Vinayak Damodar Savarkar is a difficult figure. As an intellectual founder of Hindu nationalism, he has emerged as the most controversial Indian political thinker of the twentieth century. His arguments for Hindutva transformed political debate by rethinking the concepts “Hindu” and “Hindustan.”

He is remembered as an anti-imperialist who simultaneously longed for the resurrection of the lost Hindu Empire of centuries past. He is celebrated and condemned for his roles as a nationalist, a revolutionary, a political prisoner, and president of the Akhil Bharatiya Hindu Mahasabha.
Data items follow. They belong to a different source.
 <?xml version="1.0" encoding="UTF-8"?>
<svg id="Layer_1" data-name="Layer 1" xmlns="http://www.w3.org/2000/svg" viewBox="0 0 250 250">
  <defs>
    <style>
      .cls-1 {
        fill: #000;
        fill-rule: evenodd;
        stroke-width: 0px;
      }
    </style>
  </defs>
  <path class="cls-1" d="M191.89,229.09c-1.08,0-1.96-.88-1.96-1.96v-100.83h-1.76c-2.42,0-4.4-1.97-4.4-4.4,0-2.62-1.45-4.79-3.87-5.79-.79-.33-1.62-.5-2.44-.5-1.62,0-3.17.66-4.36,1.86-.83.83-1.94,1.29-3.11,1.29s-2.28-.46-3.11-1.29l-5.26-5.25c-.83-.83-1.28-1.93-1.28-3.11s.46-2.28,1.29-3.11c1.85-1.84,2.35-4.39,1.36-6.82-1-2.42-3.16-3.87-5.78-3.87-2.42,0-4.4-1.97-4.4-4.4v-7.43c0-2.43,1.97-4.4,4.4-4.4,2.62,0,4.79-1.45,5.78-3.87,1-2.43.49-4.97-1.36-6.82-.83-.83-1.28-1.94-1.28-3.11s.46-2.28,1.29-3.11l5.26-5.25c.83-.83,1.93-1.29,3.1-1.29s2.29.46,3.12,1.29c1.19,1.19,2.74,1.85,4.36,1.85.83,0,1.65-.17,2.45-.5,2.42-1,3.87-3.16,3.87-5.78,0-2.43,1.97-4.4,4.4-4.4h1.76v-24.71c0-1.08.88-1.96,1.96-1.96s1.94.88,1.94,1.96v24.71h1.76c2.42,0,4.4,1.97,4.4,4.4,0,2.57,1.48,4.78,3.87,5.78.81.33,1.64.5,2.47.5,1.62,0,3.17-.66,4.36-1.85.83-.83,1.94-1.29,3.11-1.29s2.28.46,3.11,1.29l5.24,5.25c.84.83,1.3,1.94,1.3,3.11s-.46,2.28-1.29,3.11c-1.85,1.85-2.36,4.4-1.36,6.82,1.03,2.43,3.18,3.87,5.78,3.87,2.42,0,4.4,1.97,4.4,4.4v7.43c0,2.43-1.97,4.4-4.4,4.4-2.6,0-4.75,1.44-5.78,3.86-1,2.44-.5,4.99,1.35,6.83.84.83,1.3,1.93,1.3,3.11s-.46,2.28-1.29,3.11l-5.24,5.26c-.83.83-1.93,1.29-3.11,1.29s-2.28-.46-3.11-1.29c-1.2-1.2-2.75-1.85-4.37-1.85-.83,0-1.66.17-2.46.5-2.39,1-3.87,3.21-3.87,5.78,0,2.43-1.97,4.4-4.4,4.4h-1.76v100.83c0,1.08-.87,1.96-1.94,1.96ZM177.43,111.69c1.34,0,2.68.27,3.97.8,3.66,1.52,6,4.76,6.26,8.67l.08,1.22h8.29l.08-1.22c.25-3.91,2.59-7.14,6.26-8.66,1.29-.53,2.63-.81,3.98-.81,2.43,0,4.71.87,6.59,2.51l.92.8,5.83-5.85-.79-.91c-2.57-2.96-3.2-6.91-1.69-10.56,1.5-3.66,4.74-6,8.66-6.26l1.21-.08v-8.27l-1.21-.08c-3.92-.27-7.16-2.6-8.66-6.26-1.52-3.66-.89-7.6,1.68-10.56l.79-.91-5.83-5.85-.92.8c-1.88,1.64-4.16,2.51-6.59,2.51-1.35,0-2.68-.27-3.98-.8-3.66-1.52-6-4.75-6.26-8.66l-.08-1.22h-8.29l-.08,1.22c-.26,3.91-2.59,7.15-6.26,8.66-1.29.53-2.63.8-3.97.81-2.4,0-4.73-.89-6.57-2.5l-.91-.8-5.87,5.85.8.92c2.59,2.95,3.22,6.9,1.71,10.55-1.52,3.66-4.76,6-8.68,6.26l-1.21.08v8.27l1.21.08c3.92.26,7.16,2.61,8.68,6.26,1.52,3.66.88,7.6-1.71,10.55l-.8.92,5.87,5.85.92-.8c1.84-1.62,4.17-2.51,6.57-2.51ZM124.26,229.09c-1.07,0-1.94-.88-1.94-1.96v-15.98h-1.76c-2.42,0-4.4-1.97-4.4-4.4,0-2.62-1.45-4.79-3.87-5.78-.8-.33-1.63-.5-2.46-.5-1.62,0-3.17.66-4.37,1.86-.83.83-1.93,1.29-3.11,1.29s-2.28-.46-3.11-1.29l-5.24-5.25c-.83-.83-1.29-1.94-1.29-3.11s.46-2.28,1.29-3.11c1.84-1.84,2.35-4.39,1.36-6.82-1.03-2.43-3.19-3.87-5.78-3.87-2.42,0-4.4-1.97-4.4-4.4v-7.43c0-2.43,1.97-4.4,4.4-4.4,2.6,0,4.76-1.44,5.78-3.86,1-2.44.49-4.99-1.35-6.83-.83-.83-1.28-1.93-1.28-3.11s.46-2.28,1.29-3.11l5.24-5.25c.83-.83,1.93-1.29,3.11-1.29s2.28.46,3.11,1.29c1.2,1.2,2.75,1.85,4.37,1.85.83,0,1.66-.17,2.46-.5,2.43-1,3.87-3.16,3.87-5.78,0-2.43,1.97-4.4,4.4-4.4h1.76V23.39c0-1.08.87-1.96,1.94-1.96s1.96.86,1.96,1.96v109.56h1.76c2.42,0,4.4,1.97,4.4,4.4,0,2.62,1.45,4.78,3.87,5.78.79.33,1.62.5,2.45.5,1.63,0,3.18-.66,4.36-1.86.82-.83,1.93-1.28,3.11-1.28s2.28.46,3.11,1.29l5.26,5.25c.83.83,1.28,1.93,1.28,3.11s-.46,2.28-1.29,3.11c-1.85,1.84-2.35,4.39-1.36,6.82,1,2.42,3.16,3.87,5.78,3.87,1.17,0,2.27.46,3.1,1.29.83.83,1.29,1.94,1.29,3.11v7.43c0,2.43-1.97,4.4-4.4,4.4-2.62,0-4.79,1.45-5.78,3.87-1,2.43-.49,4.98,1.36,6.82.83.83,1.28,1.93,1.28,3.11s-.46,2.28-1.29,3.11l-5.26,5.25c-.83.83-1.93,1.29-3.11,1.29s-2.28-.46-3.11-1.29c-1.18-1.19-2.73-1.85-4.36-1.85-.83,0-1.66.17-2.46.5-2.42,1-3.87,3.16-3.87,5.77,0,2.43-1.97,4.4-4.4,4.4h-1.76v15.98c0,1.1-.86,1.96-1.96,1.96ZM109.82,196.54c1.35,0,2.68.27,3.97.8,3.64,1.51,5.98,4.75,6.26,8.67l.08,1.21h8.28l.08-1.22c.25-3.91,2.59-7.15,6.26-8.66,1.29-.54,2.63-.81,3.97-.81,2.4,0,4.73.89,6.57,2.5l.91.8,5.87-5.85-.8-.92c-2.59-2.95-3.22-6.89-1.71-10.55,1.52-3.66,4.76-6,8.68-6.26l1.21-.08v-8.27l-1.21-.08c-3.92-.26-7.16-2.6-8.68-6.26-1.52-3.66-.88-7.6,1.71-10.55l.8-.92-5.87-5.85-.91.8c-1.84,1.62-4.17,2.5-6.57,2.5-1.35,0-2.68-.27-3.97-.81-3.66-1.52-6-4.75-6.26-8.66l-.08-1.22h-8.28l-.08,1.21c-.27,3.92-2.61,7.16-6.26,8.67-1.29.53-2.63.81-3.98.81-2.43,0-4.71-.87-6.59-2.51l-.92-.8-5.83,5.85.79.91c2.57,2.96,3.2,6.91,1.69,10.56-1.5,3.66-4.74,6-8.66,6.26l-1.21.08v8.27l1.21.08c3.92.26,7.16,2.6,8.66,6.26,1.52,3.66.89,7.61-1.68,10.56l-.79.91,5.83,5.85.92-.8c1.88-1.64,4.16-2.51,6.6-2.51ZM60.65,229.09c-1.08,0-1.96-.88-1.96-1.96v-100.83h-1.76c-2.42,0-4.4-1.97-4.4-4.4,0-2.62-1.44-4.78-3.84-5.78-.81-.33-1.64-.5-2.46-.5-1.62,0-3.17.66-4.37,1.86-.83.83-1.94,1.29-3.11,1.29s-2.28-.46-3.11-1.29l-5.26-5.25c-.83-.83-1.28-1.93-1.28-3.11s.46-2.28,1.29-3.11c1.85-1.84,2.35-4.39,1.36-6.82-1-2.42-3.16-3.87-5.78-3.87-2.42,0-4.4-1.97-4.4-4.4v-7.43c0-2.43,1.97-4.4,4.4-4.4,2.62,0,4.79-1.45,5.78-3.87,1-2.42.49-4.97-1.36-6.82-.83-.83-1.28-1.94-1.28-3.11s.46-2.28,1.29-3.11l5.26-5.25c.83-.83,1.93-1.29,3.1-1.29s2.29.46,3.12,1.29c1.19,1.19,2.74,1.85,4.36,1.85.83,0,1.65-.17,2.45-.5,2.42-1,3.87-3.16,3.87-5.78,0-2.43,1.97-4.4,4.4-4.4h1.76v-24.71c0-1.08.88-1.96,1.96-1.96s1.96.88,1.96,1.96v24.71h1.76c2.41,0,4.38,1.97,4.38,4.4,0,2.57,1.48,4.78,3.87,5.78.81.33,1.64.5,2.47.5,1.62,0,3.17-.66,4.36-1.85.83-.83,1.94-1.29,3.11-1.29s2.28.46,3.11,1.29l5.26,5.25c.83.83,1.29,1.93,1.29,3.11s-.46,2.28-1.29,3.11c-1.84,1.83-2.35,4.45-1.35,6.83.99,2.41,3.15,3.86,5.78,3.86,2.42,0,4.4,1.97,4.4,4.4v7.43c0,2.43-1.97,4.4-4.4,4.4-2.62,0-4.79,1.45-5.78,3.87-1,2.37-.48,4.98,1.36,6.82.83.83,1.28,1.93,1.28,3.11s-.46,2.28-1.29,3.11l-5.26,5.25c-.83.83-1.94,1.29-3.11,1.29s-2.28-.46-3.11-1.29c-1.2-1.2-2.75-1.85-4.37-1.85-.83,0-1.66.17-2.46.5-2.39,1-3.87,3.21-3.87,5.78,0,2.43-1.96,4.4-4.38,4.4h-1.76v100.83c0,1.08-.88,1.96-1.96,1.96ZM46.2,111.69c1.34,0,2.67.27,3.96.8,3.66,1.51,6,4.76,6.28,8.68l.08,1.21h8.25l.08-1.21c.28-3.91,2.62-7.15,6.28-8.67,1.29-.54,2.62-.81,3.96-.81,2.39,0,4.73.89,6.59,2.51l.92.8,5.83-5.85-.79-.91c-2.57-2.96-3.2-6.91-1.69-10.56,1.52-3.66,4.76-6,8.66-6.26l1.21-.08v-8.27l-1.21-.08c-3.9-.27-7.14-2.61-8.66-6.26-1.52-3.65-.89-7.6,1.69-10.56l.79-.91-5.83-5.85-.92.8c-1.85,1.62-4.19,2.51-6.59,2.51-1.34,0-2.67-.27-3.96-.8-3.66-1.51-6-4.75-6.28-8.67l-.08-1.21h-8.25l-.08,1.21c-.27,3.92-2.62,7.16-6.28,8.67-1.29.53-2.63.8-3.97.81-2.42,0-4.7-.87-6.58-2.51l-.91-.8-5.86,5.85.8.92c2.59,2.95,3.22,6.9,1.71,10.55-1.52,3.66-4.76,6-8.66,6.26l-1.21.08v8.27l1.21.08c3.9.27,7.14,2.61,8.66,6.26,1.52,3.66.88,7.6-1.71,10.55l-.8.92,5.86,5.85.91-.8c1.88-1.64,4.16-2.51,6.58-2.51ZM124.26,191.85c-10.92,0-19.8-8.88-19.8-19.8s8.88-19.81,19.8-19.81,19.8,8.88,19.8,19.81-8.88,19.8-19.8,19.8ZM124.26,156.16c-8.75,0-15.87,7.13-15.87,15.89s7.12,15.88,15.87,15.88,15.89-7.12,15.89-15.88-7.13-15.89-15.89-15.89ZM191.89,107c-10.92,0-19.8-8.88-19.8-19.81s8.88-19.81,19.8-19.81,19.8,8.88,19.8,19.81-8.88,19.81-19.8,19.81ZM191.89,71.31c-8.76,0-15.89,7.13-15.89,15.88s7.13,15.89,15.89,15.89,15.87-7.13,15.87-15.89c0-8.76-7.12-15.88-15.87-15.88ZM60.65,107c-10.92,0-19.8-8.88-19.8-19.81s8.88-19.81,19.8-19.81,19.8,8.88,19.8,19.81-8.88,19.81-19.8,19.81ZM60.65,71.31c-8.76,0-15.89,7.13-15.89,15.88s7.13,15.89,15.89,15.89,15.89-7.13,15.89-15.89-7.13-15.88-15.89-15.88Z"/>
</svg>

He gained notoriety for his programme to “Hinduise Politics and Militarise Hindudom” while also arguing for permanent war against Christians and Muslims. He was never forgotten – and for many, never forgiven – for his associations with the murderers of MK Gandhi – the Mahatma. The consequence: Savarkar is declared a martyr by some and condemned as the enemy by others.
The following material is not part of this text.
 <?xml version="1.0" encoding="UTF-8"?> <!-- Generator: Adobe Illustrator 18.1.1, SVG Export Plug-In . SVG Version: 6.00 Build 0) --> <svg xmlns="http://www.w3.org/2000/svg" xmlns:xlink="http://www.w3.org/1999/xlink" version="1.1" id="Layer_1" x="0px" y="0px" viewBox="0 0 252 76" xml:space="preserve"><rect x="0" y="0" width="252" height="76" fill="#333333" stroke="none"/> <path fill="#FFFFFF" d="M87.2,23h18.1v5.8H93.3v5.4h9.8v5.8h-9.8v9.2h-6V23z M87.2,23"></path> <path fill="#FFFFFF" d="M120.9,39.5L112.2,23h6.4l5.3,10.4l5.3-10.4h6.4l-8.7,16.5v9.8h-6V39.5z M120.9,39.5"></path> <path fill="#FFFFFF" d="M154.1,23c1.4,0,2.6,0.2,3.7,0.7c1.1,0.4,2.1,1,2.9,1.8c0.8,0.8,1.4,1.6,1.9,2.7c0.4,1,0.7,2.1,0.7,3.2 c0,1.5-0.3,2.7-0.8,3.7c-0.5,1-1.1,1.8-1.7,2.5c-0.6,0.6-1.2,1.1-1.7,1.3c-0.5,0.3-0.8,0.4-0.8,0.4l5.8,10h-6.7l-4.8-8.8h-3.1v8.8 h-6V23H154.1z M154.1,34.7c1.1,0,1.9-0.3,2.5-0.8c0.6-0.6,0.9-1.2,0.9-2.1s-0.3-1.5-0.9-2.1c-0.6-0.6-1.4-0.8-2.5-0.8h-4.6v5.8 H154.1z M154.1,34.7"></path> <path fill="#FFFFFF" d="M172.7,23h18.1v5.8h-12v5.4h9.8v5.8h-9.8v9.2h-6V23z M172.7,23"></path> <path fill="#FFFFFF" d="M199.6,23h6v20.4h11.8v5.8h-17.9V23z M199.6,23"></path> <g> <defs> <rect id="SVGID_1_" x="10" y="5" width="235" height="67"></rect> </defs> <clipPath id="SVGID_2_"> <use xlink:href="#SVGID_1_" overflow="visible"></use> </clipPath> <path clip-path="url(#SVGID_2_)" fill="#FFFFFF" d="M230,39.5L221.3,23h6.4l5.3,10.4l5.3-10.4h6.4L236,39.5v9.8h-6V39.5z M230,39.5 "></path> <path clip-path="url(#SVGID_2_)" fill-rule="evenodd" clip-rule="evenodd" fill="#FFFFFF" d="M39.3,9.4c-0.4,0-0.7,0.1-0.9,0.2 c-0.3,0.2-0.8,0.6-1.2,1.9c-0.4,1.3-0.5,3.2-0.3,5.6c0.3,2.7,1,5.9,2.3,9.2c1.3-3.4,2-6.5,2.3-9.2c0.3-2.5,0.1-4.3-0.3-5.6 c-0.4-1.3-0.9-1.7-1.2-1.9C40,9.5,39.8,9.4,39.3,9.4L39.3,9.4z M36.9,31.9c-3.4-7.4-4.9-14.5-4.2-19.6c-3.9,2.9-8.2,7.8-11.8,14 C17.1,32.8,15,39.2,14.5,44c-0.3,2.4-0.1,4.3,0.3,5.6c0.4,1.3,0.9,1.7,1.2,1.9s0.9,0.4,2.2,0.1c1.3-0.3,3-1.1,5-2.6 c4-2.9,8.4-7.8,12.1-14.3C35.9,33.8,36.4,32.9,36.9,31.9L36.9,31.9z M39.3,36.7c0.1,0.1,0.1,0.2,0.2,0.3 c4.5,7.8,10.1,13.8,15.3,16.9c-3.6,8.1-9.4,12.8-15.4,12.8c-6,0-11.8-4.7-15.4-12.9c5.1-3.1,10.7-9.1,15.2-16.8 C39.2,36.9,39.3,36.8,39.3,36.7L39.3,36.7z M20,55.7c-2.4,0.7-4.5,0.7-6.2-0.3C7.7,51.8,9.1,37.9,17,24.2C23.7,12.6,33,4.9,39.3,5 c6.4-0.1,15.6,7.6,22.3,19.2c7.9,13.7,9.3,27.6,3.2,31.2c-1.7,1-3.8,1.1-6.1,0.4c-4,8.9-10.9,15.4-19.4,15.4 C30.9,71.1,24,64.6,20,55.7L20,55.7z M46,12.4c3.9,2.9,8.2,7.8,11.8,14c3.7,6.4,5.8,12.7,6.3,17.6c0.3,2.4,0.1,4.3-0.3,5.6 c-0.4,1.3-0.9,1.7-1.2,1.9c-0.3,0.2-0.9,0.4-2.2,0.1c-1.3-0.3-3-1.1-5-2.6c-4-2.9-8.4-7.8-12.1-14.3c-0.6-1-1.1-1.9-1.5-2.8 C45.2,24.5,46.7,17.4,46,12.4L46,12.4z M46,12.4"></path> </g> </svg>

The historical significance of Savarkar’s life is acknowledged and accepted by those familiar with modern South Asian history. Less is known about the corpus of his work. His prolific writings have certainly not received the attention of those of his contemporaries or interlocutors.
Moreover, there is a lack of awareness of how much Savarkar actually wrote in his lifetime. The fact that his interpretations, conceptualisations, and ideas were at the epicentre of key debates that shaped the landscape of Indian political thought in the twentieth century is generally overlooked or simply ignored. There is no agreement about how his work should be represented or remembered given his polarising status within India. As a result, the reception of Savarkar’s ideas remains penumbral...

Riaz Haq said…
by Vinayak Chaturvedi.

I begin this book with a simple observation: Vinayak Damodar Savarkar struggled with defining Hindutva. The publication of Essentials of Hindutva in 1923 marked an important conjuncture in the development of the conceptual history of “Hindutva.”
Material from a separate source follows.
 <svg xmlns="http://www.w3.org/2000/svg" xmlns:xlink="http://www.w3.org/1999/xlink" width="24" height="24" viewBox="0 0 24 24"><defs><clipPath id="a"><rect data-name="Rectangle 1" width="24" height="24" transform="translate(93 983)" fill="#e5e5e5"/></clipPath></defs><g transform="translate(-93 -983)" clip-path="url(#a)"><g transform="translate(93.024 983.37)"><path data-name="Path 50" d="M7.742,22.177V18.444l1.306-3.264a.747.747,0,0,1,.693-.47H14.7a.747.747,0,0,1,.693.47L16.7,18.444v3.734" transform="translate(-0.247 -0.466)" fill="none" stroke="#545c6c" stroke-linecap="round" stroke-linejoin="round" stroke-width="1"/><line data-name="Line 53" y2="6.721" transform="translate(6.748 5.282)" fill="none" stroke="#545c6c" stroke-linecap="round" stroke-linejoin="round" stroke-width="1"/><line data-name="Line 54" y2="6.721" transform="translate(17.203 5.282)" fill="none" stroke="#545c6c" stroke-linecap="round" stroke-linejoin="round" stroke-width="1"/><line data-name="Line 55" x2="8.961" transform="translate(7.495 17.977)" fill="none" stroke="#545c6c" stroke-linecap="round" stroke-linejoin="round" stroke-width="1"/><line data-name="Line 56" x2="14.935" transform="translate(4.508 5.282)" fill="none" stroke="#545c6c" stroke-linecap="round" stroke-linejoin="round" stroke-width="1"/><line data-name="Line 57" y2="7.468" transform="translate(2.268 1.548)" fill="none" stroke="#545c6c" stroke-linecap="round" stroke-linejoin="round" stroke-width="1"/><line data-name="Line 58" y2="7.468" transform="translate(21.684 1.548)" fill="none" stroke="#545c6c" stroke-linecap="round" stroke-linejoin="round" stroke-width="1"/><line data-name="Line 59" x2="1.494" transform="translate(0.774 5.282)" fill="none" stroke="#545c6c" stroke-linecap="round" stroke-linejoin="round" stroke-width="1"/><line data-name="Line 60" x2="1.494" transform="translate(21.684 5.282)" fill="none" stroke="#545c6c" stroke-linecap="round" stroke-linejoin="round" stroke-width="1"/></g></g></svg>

Savarkar was not the first to use the concept: it was already a part of Bengali vocabulary in the nineteenth century. Chandranath Basu is identified as the individual who invented or conceptualised “Hindutva” – a term he discussed in his book Hindutva (1892).

However, Savarkar was undoubtedly responsible for the proliferation of the concept in the twentieth century. He explained that Hindutva should not be confused with its “cognate,” Hinduism. For Savarkar, Hinduism was a “code” or a “theory” founded on what he called a “spiritual or religious dogma or system.”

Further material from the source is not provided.